Et le résultat est à la fois drôle, troublant, imparfait, mais franchement intéressant.
Le projet : créer un artiste musical IA de A à Z
Le point de départ est simple : au lieu de demander à l’IA de me faire une chanson isolée, je lui demande de m’aider à construire un projet artistique complet.
L’objectif est donc de créer :
le concept de l’artiste ;
son nom ;
son univers ;
son histoire ;
son style musical ;
son style d’écriture ;
les paroles des chansons ;
les morceaux avec Suno ;
les visuels ;
puis la publication de l’album sur les plateformes de streaming.
L’artiste imaginé dans la vidéo est une sorte de personnage musical incarnant l’intelligence artificielle elle-même.
Pas une IA froide, abstraite, qui parle comme un manuel de grille-pain connecté. Plutôt un personnage qui observe notre époque, nos contradictions, nos peurs, notre fascination pour la technologie et notre manière parfois très étrange d’interagir avec les modèles de langage.
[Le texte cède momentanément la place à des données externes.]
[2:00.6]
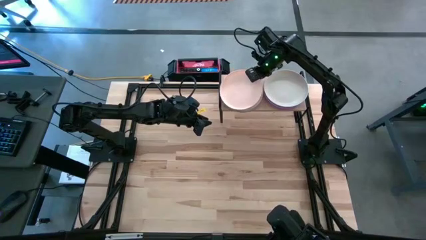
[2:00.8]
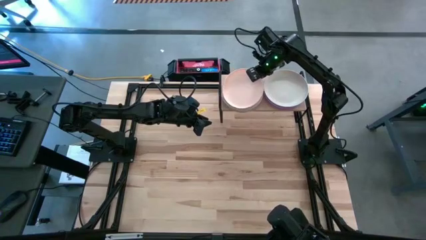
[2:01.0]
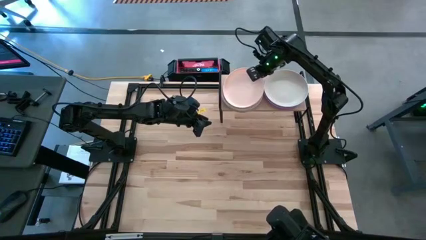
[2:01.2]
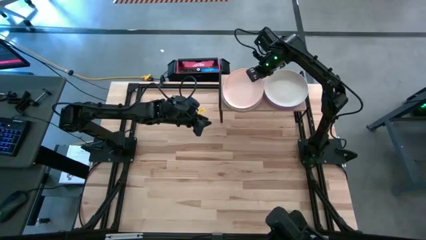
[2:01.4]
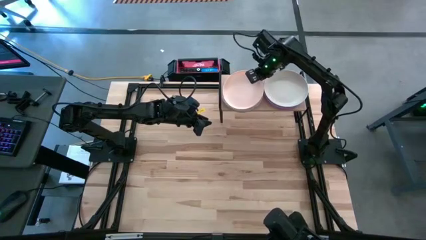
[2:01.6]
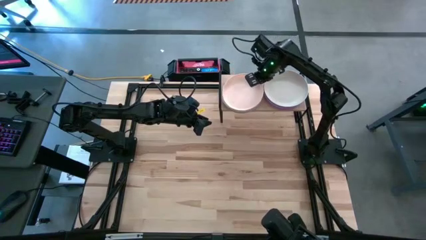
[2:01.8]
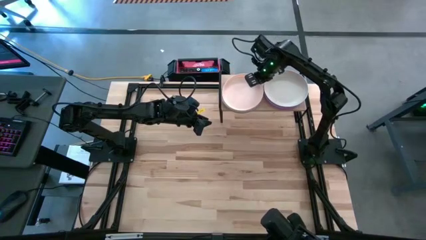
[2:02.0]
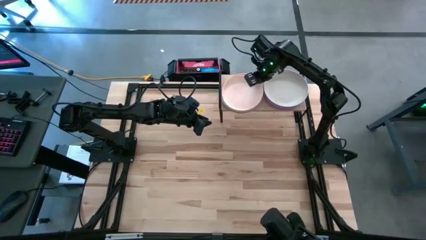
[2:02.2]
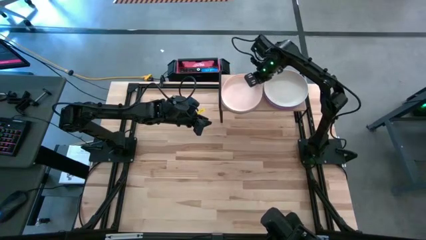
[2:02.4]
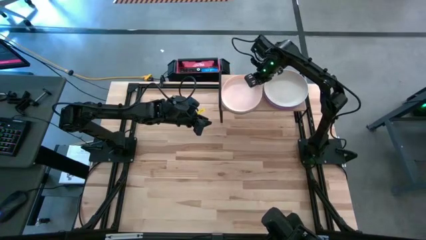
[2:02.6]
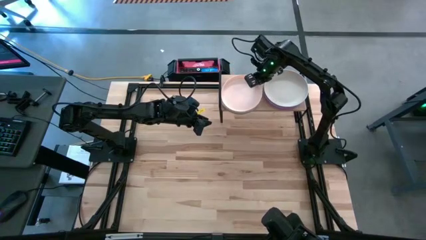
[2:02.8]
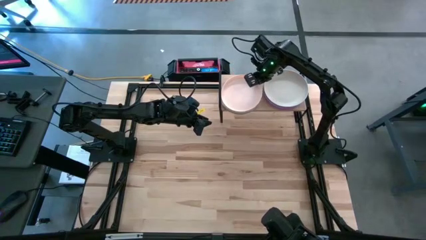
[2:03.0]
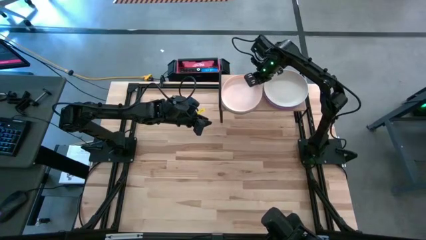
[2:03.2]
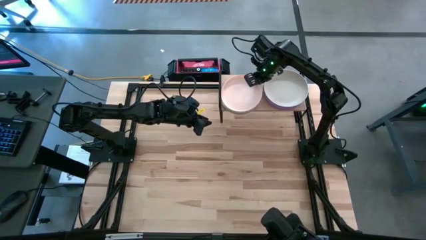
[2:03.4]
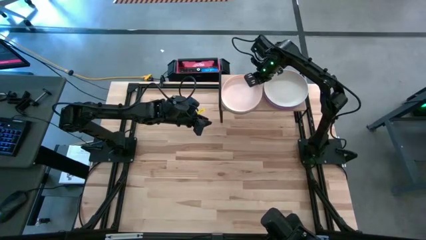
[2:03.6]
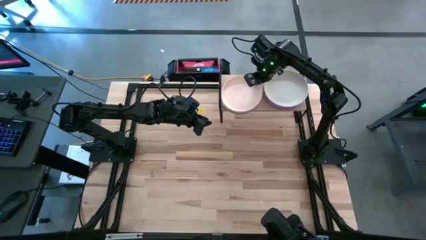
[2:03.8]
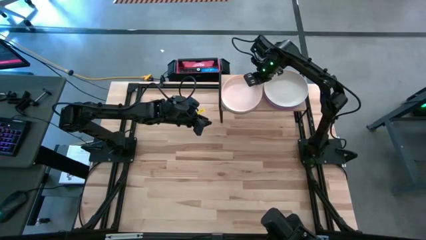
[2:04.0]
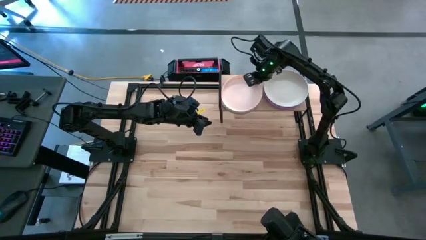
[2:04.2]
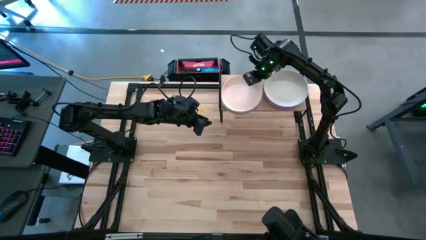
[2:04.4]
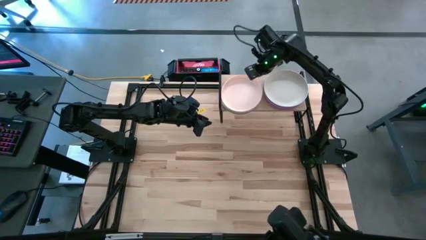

L’idée était notamment de créer des chansons autour de sujets très actuels :
les gens qui racontent toute leur vie aux IA ;
les utilisateurs qui critiquent l’IA tout en l’utilisant tous les jours ;
l’anthropomorphisme ;
la dépendance aux outils numériques ;
les secrets qu’on donne aux modèles ;
la peur du remplacement ;
la fascination pour les machines ;
le rapport entre création humaine et génération algorithmique.
Je voulais que l’artiste ne soit pas seulement “un chanteur IA”.
Je voulais qu’il ait un angle.
Un propos.
Une forme de personnalité.
Parce que c’est là que ça devient intéressant : l’IA peut produire du contenu, oui. Mais pour qu’un projet ait une chance d’être crédible, il faut une direction artistique. Il faut quelqu’un qui décide. Il faut un cadre.
Sinon, on obtient vite une soupe tiède de prompts génériques. Et personne n’a besoin d’un énième bol de soupe numérique.
Pourquoi utiliser Claude installé sur l’ordinateur plutôt qu’un simple chatbot ?
Pour ce projet, je n’ai pas simplement utilisé un chatbot dans un navigateur.
J’ai utilisé Claude dans une configuration plus orientée “projet”, avec une logique de dossiers sur l’ordinateur.
L’intérêt est important.
Quand on travaille sur un projet créatif complet, on ne veut pas seulement discuter avec l’IA dans une conversation qui devient interminable. On veut pouvoir organiser les idées, sauvegarder les fichiers, conserver les paroles, ranger les prompts, structurer les étapes et garder une mémoire propre du projet.
Dans la vidéo, l’IA m’aide à créer plusieurs dossiers :
idéation ;
identité ;
musique ;
visuel ;
publication.
Cette structure change beaucoup de choses.
Au lieu d’avoir une discussion flottante, on commence à avoir une vraie logique de production.
L’IA ne sert plus seulement à répondre à des questions. Elle devient une sorte d’assistant de création capable de maintenir une continuité dans le projet.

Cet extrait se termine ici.